PHILADELPHIA, July 28, 2016 (LifeSiteNews) – He worked to elect Barack Obama president in 2012, and he’s at the Democratic National Convention this year – but he thinks the Democratic Party’s platform is immoral and indefensible on the issue of abortion and could potentially shut down anyone who holds to traditional sexual morality.
“It’s morally reprehensible,” Michael Wear, who led President Obama’s outreach to evangelicals in 2012, told the Catholic News Agency, when asked about the 2016 platform’s abortion plank.
The 55-page platform promises Democrats officials will “stand up” for Planned Parenthood, fund abortion nationwide and around the world, “overturn” state and federal restrictions on abortion, and crank up the legal pressure against pro-life sidewalk counselors.
He is one of many Democrats to say the party has ratified too extreme a position for the American people.
Senator Joe Manchin of West Virginia said draft platform language calling for the repeal of the Hyde and Helms Amendments are “crazy.”
“It's something that I know most of the Democrats in West Virginia and most West Virginians would not agree with. I don't either,” he told The Weekly Standard.
Sen. Bob Casey of Pennsylvania wrote that “a consensus-based policy” had “for many years, prohibited the use of federal funds to pay for abortion.”
Indiana’s Sen. Joe Donnelly said, through spokeswoman Sarah Rothschild, that he “has long supported and continues to support the Hyde Amendment, and as a pro-life Senator believes all life is sacred.”
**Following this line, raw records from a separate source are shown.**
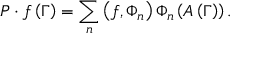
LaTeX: P \cdot f \left( \Gamma \right) = \sum _ { n } \left( f , \Phi _ { n } \right) \Phi _ { n } \left( A \left( \Gamma \right) \right) .
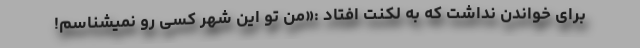
برای خواندن نداشت که به لکنت افتاد :«من تو این شهر کسی رو نمیشناسم!
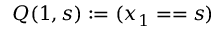
Q ( 1 , s ) : = ( x _ { 1 } = = s )
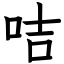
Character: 咭
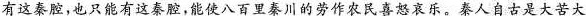
有这秦腔,也只能有这秦腔,能使八百里秦川的劳作农民喜怒哀乐。秦人自古是大苦大
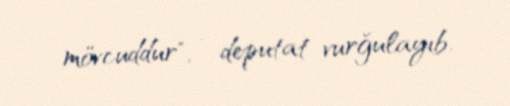
mövcuddur", - deputat vurğulayıb.
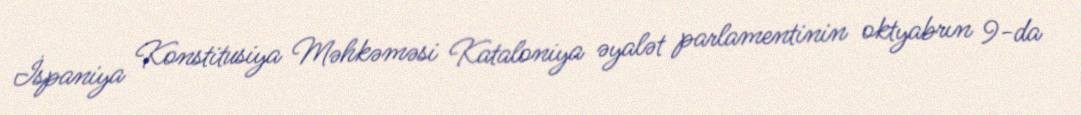
İspaniya Konstitusiya Məhkəməsi Kataloniya əyalət parlamentinin oktyabrın 9-da
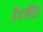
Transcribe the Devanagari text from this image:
डैडमैंस
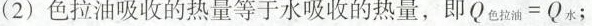
(2)色拉油吸收的热量等于水吸收的热量， $$Q _ { 色 拉 油 } = Q _ { 水 }$$ ；
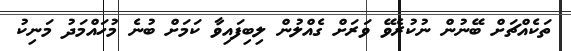
ތަކެއްޗަށް ބޭނުން ނުކުރެވޭ ވަރަށް ގެއްލުން ލިބިފައިވާ ކަމަށް ބުނެ މުހައްމަދު މަނިކު
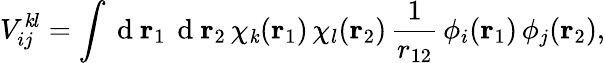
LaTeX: {V}_{ij}^{\mathit{k}l}=\int\mathrm{{~d~}}{\mathbf{{r}}_{1}}\, \mathrm{{~d~}}{\mathbf{{r}}_{2}}\, \chi_{\mathit{k}}({\mathbf{{r}}_{1}})\, \chi_{l}({\mathbf{{r}}_{2}})\, \frac{{1}}{{r_{12}}}\, \phi_{i}({\mathbf{{r}}_{1}})\, \phi_{j}({\mathbf{{r}}_{2}}),
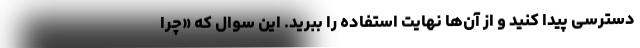
دسترسی پیدا کنید و از آن‌ها نهایت استفاده را ببرید. این سوال که «چرا
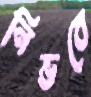
নিভবে
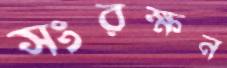
সংরক্ষন
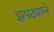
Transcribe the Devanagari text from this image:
झपट्याने
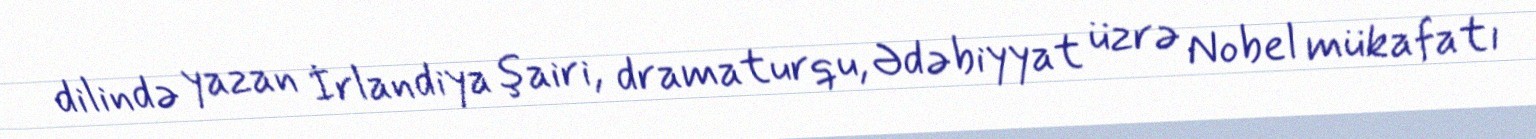
dilində yazan İrlandiya şairi, dramaturqu, Ədəbiyyat üzrə Nobel mükafatı
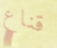
قناع
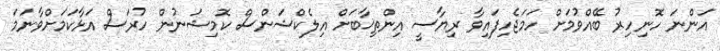
އަންނަ ހޮނިހިރު ބޭއްވުމަށް ހަމަޖެހިފައިވާ ރިޔާސީ އިންތިޚާބަށް އިލެކްޝަންސް ކޮމިޝަނުން ހުރަސް އަޅާކަމަށްވާނަމަ
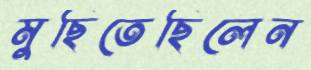
মুছিতেছিলেন

North Dakota’s Sen. Heidi Heitkamp, who supports abortion-on-demand, said she supports the Hyde Amendment and other restrictions on abortion, all of which the Democratic platform would obliterate.
Even the Obama administration sent word this week that President Obama had not changed his position in favor of the Hyde Amendment, which he had applied to the Affordable Care Act by executive order.
Wear, who was hired as religious outreach director for the president’s re-election at the age of 23, was raised Catholic but now attends an evangelical church.
“Religious freedom has become so polarized” and “politicized,” he said.
Faith-based hospitals that will not perform abortions, adoption agencies that will not place children with homosexuals, and anti-trafficking organizations that will not refer for abortion have all come under scrutiny, sometimes from the Obama administration.
Hillary Clinton has said that religious beliefs that oppose abortion-on-demand “have to be changed.”